Book Review: Eat, Pray, Love
February 17, 2016
Karlee Avery
In “Eat, Pray, Love,” author Elizabeth Gilbert writes about traveling the world on a year-long journey of self-inquiry. She travels to Italy, India and Indonesia to pursue happiness, devotion and the balance of the two.
The book begins by revealing Gilbert’s collapsing marriage, which ultimately ends in divorce. During her divorce, she spends most of her nights crying on her bathroom floor. Since she is depressed, she doesn’t eat a lot, therefore, she loses a significant amount of weight.
After the divorce is finalized, Gilbert moves to Italy a few weeks later. Once in Italy, she eats a lot of food to help her pursue pleasure. She gains 23 pounds, 15 of which are necessary to get her back to a healthy weight.
She lives in Italy for four months before traveling to India to pursue devotion. While there she stays in an Ashram, a place of worship for Hindus and Buddhists. Gilbert plans to stay in the Ashram for only six weeks, but ends up staying there four months.
In India, Gilbert learns the main focus of worship is meditation, through which people can converse with a higher power. After freeing her heart of all its heaviness that’s built up over the years of her divorce and other failed relationships, she leaves India for Indonesia to find the balance of pleasure and devotion.
Once in Indonesia she finds the medicine man she had met two years prior to this current trip.

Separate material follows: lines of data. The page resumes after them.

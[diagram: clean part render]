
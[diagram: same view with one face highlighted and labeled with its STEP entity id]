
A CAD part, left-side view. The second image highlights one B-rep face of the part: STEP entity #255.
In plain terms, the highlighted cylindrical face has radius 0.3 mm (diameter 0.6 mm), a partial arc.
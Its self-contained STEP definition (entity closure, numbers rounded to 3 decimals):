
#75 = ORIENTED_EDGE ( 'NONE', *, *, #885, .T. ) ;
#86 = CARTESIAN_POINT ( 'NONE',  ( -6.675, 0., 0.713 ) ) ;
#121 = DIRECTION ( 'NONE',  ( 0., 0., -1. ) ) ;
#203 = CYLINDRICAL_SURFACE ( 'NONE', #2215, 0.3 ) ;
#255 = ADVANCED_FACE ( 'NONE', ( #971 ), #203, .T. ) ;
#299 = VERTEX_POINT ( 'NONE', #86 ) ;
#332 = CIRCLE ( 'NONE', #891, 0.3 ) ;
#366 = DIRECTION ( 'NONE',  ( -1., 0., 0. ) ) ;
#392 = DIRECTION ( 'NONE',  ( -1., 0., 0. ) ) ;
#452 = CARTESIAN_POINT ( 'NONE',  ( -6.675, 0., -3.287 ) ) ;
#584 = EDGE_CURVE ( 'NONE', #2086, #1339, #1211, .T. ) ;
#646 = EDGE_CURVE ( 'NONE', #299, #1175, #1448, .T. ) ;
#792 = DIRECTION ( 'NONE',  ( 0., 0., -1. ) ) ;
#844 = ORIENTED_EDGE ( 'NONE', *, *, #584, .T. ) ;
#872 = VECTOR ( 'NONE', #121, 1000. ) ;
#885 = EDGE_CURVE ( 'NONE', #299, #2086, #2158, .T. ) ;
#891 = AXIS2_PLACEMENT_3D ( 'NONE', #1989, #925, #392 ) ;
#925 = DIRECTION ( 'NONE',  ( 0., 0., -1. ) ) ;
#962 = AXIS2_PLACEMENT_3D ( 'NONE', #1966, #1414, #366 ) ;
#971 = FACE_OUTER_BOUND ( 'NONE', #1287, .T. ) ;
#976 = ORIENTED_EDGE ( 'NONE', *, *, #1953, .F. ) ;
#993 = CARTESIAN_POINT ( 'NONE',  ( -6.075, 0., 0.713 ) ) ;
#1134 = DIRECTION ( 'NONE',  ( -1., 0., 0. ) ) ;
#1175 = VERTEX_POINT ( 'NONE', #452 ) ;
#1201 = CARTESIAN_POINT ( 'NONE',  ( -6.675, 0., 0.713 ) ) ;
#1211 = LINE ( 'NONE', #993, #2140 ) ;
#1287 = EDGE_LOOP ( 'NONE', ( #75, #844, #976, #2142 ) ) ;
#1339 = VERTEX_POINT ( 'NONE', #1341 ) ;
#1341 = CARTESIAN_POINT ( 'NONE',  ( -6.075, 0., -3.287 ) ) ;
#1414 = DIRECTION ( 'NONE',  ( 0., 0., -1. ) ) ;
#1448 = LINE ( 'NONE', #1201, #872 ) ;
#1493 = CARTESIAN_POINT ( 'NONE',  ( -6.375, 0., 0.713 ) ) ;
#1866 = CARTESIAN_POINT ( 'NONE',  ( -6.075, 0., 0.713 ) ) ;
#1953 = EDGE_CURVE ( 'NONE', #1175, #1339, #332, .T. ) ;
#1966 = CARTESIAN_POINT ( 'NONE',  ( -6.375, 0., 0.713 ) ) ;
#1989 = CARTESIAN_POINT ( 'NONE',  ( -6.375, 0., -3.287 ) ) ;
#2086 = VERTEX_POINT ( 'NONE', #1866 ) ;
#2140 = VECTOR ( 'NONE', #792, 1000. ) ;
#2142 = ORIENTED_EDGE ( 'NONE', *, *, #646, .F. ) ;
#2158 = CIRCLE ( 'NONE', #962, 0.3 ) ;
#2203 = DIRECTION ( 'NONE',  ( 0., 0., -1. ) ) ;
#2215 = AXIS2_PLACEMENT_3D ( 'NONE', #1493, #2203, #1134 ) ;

During her previous visit, the medicine man predicted everything that happened to Gilbert in the past two years. When she visits the medicine man a second time, it takes a few minutes for him to remember her, but when he does, he can’t believe she’s the same person. She’s gone from being depressed and thin to content with her life and fuller in the face.
I would recommend “Eat, Pray, Love” to anyone, especially teenagers, since it invites the reader on the exciting journey of one woman’s pursuit of pleasure, devotion and the balance of the two.